Closed form for the inverse of a special transition matrix Let $b\in\mathbf{R}^n$ be fixed, and let $A\in\mathcal{M}_{n\times n}(\mathbf{R})$ be given but otherwise arbitrary. Let $a_1,\ldots,a_n$ denote the coefficients of the characteristic polynomial of $A$
\begin{equation}
\chi_A(x) = x^n + a_1 x^{n-1} + \ldots + a_{n-1} x + a_n.
\end{equation}
We shall assume that $\text{span}\big\{b, Ab, \ldots, A^{n-1}b\big\}=\mathbf{R}^n$, and let us consider the invertible matrix
\begin{equation}
P = [f_1 \,\, \ldots \,\, f_n]
\end{equation}
where the columns $f_k$ are of the form
\begin{equation}
f_n = b \quad \text{ and } \quad f_k = \left(A^{n-k}+\sum_{j=1}^{n-k}a_j A^{n-k-j}\right)b \quad \text{ for } 1 \leqslant k \leqslant n-1.
\end{equation}
My question is:

Is there a closed form for $P^{-1}$ where the dependence on $b$ is explicitly seen/tracked?

When $A$ is nilpotent, then we can write the inverse as a finite Neumann series, so I would like to avoid this case and consider more general matrices $A$, possibly invertible as well (e.g. tridiagonal Toeplitz, and so on).
Note that $P=P(b)$ can be rewritten as the product of the two rectangular matrices
\begin{equation}
P = [p_1(A) \,\, \ldots\,\, p_n(A)] \begin{bmatrix} b& & \\ & \ddots & \\ & & b\end{bmatrix},
\end{equation}
where $p_j(A):=A^{n-k}+\sum_{j=1}^{n-k}a_j A^{n-k-j}$ for $j\leqslant n-1$ and $p_n=\text{Id}$, but I am not sure if this could be of any use in further computations.
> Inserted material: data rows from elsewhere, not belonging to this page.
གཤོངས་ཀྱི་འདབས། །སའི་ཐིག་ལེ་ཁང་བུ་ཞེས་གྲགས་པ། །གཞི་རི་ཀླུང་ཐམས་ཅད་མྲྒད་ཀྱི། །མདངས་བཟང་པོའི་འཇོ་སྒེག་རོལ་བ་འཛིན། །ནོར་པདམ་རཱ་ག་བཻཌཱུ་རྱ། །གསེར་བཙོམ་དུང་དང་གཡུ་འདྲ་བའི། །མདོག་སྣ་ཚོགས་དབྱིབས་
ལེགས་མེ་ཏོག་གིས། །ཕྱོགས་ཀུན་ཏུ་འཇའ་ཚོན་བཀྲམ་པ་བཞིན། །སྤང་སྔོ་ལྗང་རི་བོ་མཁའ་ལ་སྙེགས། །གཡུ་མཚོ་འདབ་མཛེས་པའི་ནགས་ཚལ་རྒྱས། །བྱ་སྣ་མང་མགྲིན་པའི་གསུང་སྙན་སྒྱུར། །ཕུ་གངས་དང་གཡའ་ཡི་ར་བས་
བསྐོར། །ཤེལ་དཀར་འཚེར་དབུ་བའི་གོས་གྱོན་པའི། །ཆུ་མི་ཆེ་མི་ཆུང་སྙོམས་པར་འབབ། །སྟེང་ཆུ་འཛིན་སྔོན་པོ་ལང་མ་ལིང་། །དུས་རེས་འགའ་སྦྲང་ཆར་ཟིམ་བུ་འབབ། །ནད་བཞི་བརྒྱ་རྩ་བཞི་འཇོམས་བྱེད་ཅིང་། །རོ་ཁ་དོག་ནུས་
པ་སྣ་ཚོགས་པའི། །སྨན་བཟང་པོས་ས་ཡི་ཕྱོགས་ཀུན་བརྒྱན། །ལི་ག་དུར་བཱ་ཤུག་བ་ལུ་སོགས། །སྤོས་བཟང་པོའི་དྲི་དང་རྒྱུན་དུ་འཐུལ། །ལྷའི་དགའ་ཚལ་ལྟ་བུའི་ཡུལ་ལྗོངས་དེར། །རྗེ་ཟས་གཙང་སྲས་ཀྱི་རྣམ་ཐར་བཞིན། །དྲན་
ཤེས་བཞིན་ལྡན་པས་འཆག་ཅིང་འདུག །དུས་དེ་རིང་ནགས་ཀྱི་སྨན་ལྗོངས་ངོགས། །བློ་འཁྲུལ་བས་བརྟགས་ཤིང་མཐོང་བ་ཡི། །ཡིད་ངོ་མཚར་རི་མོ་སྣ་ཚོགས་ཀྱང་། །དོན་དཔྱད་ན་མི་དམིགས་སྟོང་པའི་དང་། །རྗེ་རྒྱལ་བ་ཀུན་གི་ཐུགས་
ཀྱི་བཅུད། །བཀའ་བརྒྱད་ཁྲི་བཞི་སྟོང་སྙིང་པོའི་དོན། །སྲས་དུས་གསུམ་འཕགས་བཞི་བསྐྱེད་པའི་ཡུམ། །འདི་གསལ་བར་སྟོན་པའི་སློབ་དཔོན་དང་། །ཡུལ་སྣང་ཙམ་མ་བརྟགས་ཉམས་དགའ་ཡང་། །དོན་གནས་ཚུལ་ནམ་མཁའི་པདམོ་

 A: Let $B$ be a matrix formed by the columns $[b|Ab|\dots|A^{n-1}b]$. Since $A$ is a zero of $\chi_A(x)$, the matrix $B$ satisfies the identity:
$$AB = BC,$$
where
$$C:=\begin{bmatrix} 
0 & 0 & 0 & \dots & 0 & -a_n\\
1 & 0 & 0 & \dots & 0 & -a_{n-1}\\
0 & 1 & 0 & \dots & 0 & -a_{n-2}\\
\vdots & \vdots & \vdots & \ddots & \vdots & \vdots \\
0 & 0 & 0 & \dots & 0 & -a_2\\
0 & 0 & 0 & \dots & 1 & -a_1
\end{bmatrix}
$$
is the companion matrix of $\chi_A(x)$.
From the definition of $P$, it follows that
$$P = BD$$
with a Hankel matrix
$$D:=\begin{bmatrix} 
a_{n-1} & a_{n-2} & a_{n-3} & \dots & a_1 & 1\\
a_{n-2} & a_{n-3} & a_{n-4} & \dots & 1 & 0\\
a_{n-3} & a_{n-4} & a_{n-5} & \dots & 0 & 0\\
\vdots & \vdots & \vdots & \ddots & \vdots & \vdots \\
a_1 & 1 & 0 & \dots & 0 & 0\\
1 & 0 & 0 & \dots & 0 & 0
\end{bmatrix}.
$$
It can be easily seen that both $D$ and $CD$ are symmetric matrices, implying that
$D^{-1}CD = C^T$.
Combining all together, we have $AP = PC^T$ and thus
$$P^{-1}A = C^TP^{-1},$$
which is a Sylvester equation with respect to $P^{-1}$.
The last equation implies that $P^{-1}$ is formed by rows $v^TA^i$ for $i=0,1,\dots,n-1$, where vector $v^T$ (the first row of $P^{-1}$) is also the last row of $B^{-1}$.